Many patients crouch through a combination of weakness and contracture, she said, and “in this subgroup of patients with crouch, these anti-crouch AFOs may not be tolerated or effective.” Alter said. She suggested that knee AFOs (KAFOs) may be useful in some patients with crouch because they can limit flexion, which in turn may alleviate knee pain.

But bracing is only valuable if the patient is compliant, and depending on the child’s age, that can be a major hurdle (see “Kids, clothes, and AFOs: Finding just the right fit,” LER: Pediatrics May 2014, page 9). Novacheck noted that it’s during adolescence, when growth spurts are occurring, that children with CP are most likely to complain about knee pain—but that is an age group that doesn’t smile on anything that makes them more different than their peers.

Finally, there is surgical intervention, which experts agree should be considered only when all other treatments have proven ineffective.

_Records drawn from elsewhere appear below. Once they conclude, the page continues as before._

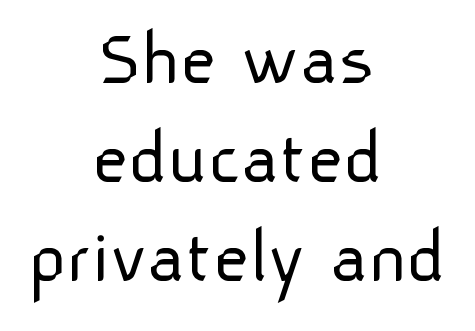
{"serif": "no", "italic": "no", "bold": "no", "weight": "light", "width": "normal", "stroke_contrast": "low", "x_height": "medium", "monospaced": "no", "underline": "no", "align": "center", "line_spacing_ratio": 1.24, "letter_spacing": "normal", "letter_spacing_em": 0.0, "glyph_px": 80}
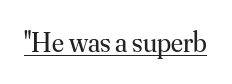
Is there an underline? Yes — a line sits under the letters. Stroke thickness stays within the range of a standard reading face or lighter. How are the letters spaced? Ordinarily, with no added tracking. What kind of face is this? One with serifs.
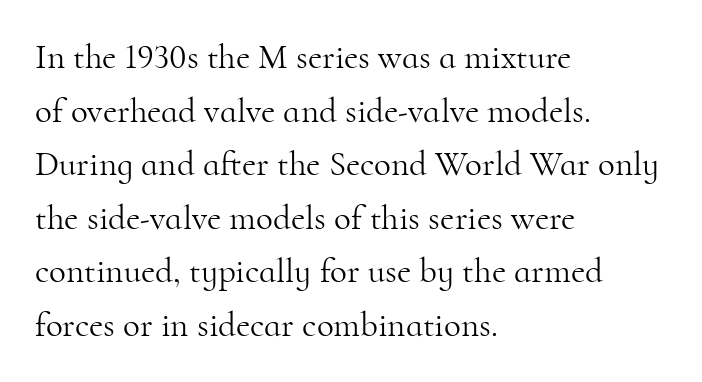
Q: Is the text bold? A: No.
Q: Is the text italic (slanted)? A: No, it is upright.
Q: Is the typeface a serif or a sans-serif typeface? A: Serif.
Q: Is the text underlined? A: No.
Q: How is the paragraph aligned? A: Left-aligned.
Q: Is the spacing between letters normal or unusually wide? A: Normal.
Q: Is the spacing between lines tight, normal or loose? A: Normal.
Q: Width (condensed, normal, or wide)? A: Normal.
Q: Stroke contrast? A: High.
Q: x-height? A: Small.
Q: Monospaced? A: No.
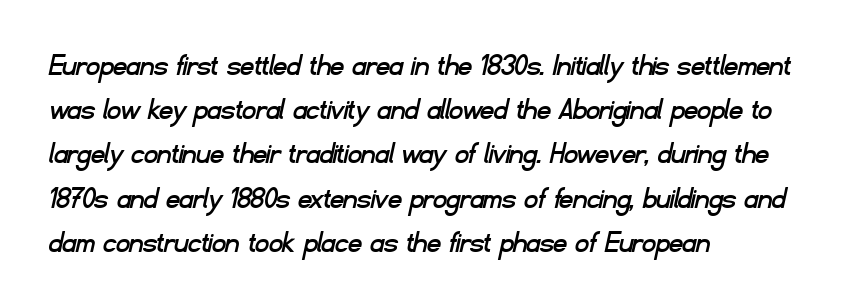
{"serif": "no", "width": "normal", "stroke_contrast": "low", "x_height": "small", "monospaced": "no", "underline": "no", "align": "left", "line_spacing": "normal", "line_spacing_ratio": 1.34, "letter_spacing": "normal", "letter_spacing_em": 0.0, "glyph_px": 33}
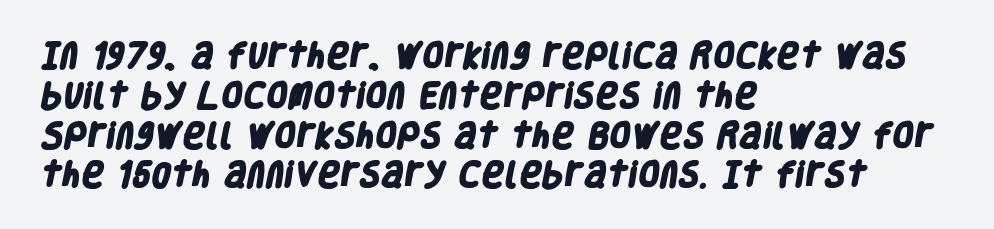
{"serif": "no", "bold": "yes", "weight": "heavy", "width": "condensed", "stroke_contrast": "low", "x_height": "large", "monospaced": "no", "underline": "no", "align": "left", "line_spacing": "normal", "line_spacing_ratio": 1.42, "letter_spacing": "normal", "letter_spacing_em": 0.0, "glyph_px": 28}

“The vast majority of these children do not require any surgery for their knee pain,” Rethlefsen and Kay stressed. “Surgery should only be considered if conservative measures have failed after a diligent nonoperative trial.”

Surgical options for addressing crouch or limited knee extension include quadriceps lengthening, patellar tendon advancement, surgery on the femur itself, or taking a wedge out of distal femur to improve the patellofemoral kinematics.

“I would say that, if the patient has a lot of bone and joint deformity—some of the common things are femoral anteversion, tibial torsion, knee contracture, foot deformity, patella alta, and patellar stress fractures—those are all things that don’t respond to conservative treatment,” Novacheck said. “Those require surgery.”

Shalmali Pal is a freelance writer based in Tucson, AZ.

REFERENCES
  1. Rethlefsen SA, Nguyen DT, Wren TA, et al. Knee pain and patellofemoral symptoms in patients with cerebral palsy. J Pediatr Orthop 2014 Aug 28. [Epub ahead of print]
  2. Sheehan FT, Babushkina A, Alter KE. Kinematic determinants of anterior knee pain in cerebral palsy: a case-control study. Arch Phys Med Rehabil 2012;93(8):1431-1440.
  3. Kedem P, Scher DM. Foot deformities in children with cerebral palsy. Curr Opin Pediatr 2015;27(1):67-74.